| Exercise directions |
Without including any pictures, write out the listing below exactly.

┄┄┄┄┄┄┄┄┄┄┄┄┄┄┄┄┄┄┄┄

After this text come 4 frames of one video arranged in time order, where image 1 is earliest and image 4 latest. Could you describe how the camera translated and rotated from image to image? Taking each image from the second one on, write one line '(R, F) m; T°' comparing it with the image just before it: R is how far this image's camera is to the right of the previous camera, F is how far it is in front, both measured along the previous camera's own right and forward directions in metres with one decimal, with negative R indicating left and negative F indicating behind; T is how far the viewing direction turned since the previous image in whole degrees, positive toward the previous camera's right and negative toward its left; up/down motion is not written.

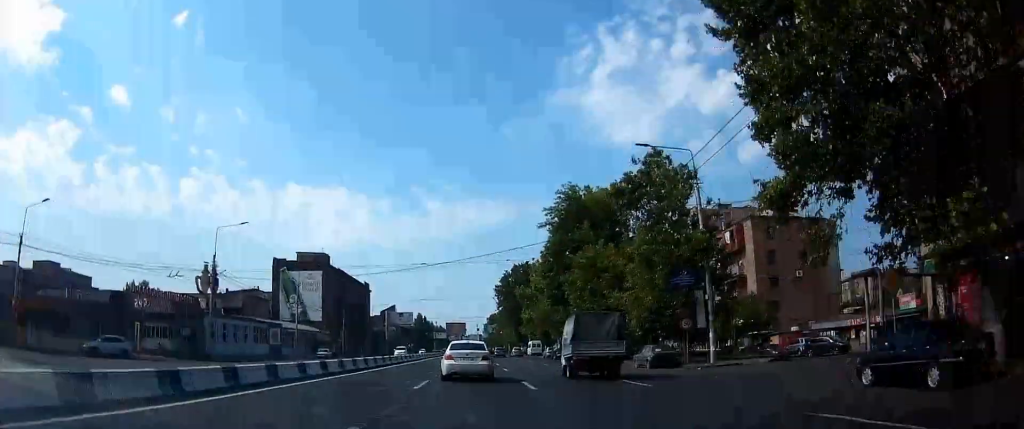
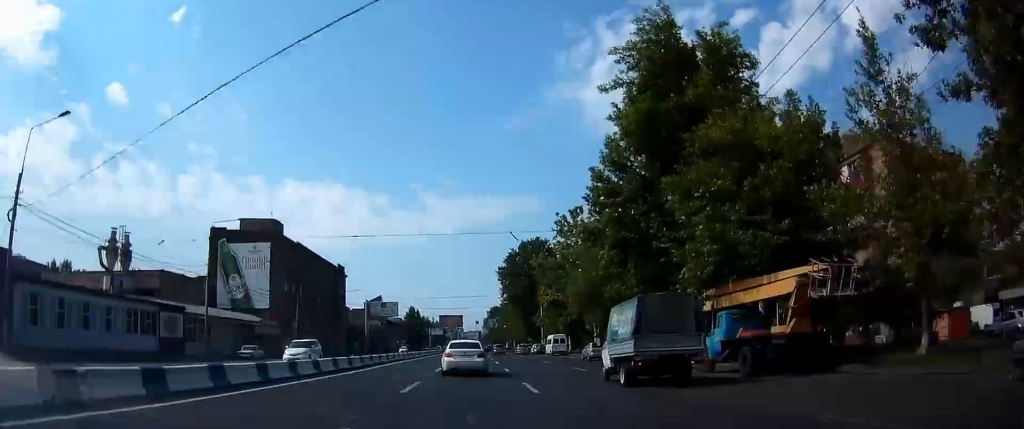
(+0.1, +28.2) m; +3°
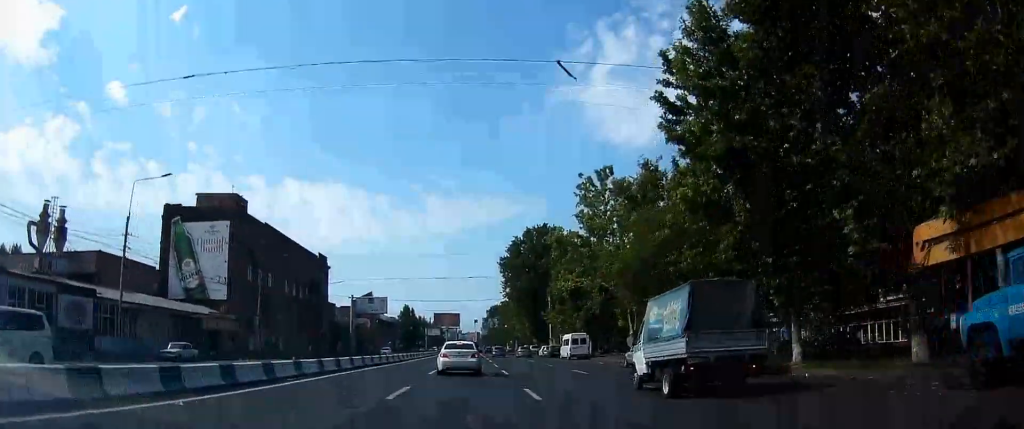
(+0.1, +14.7) m; -1°
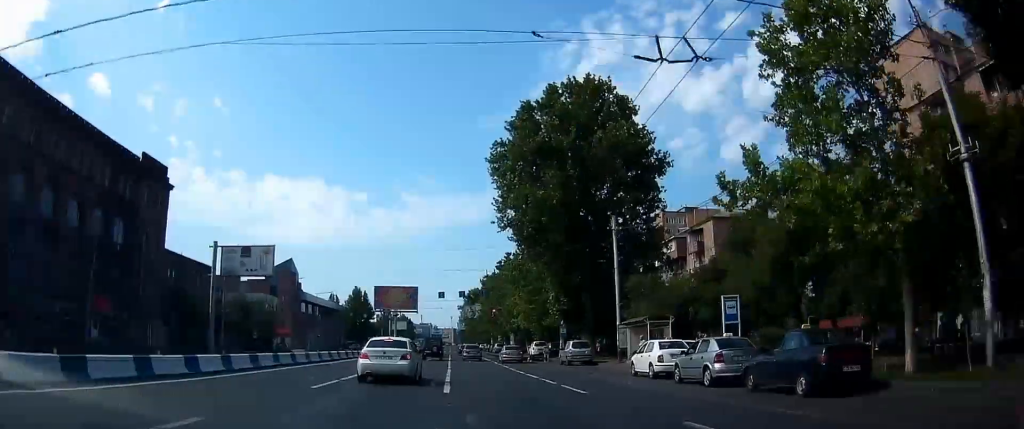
(-1.3, +60.3) m; 0°
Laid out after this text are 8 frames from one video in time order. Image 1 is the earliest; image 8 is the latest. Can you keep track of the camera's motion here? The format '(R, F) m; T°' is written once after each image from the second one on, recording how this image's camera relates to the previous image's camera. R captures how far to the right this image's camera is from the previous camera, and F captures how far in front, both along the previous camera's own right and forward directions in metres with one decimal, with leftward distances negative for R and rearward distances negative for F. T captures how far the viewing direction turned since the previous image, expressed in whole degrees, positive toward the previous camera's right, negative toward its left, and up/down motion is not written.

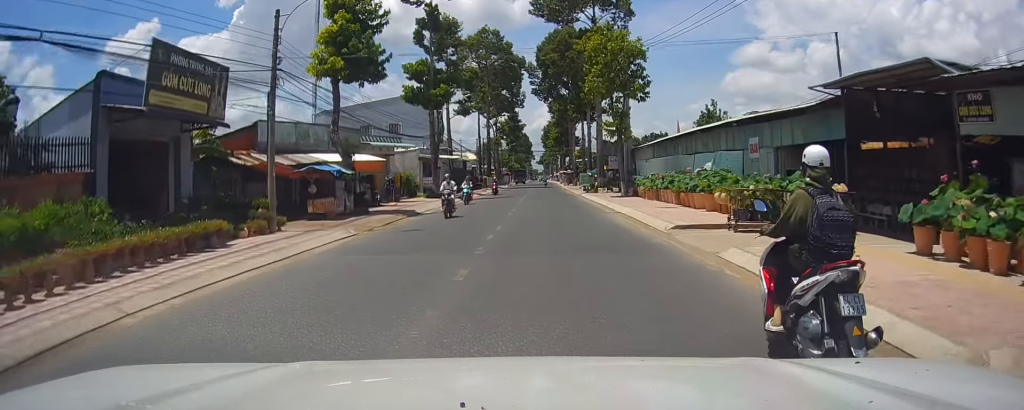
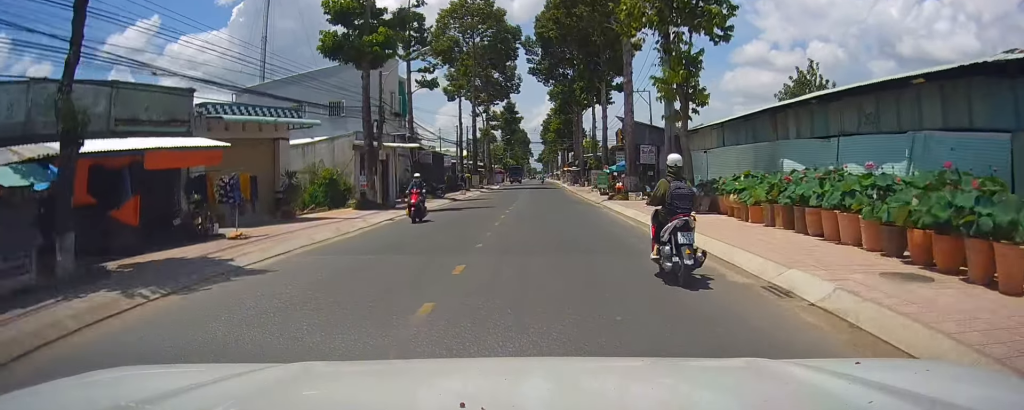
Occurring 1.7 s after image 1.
(-0.5, +17.6) m; -2°
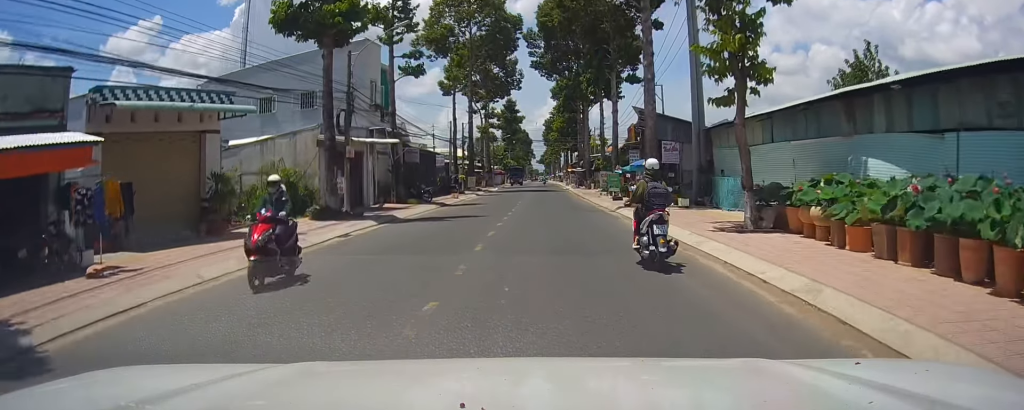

┄┄┄┄┄┄┄┄┄┄┄┄┄┄┄┄┄┄┄┄

| The answer |
After this text come 4 frames of one video arranged in time order, where image 1 is earliest and image 4 latest. Could you describe how the camera translated and rotated from image to image? Taking each image from the second one on, write one line '(R, F) m; T°' comparing it with the image just before it: R is how far this image's camera is to the right of the previous camera, F is how far it is in front, both measured along the previous camera's own right and forward directions in metres with one decimal, with negative R indicating left and negative F indicating behind; T is how far the viewing direction turned since the previous image in whole degrees, positive toward the previous camera's right and negative toward its left; up/down motion is not written.

(+0.1, +28.2) m; +3°
(+0.1, +14.7) m; -1°
(-1.3, +60.3) m; 0°
Laid out after this text are 8 frames from one video in time order. Image 1 is the earliest; image 8 is the latest. Can you keep track of the camera's motion here? The format '(R, F) m; T°' is written once after each image from the second one on, recording how this image's camera relates to the previous image's camera. R captures how far to the right this image's camera is from the previous camera, and F captures how far in front, both along the previous camera's own right and forward directions in metres with one decimal, with leftward distances negative for R and rearward distances negative for F. T captures how far the viewing direction turned since the previous image, expressed in whole degrees, positive toward the previous camera's right, negative toward its left, and up/down motion is not written.

Occurring 1.7 s after image 1.
(-0.5, +17.6) m; -2°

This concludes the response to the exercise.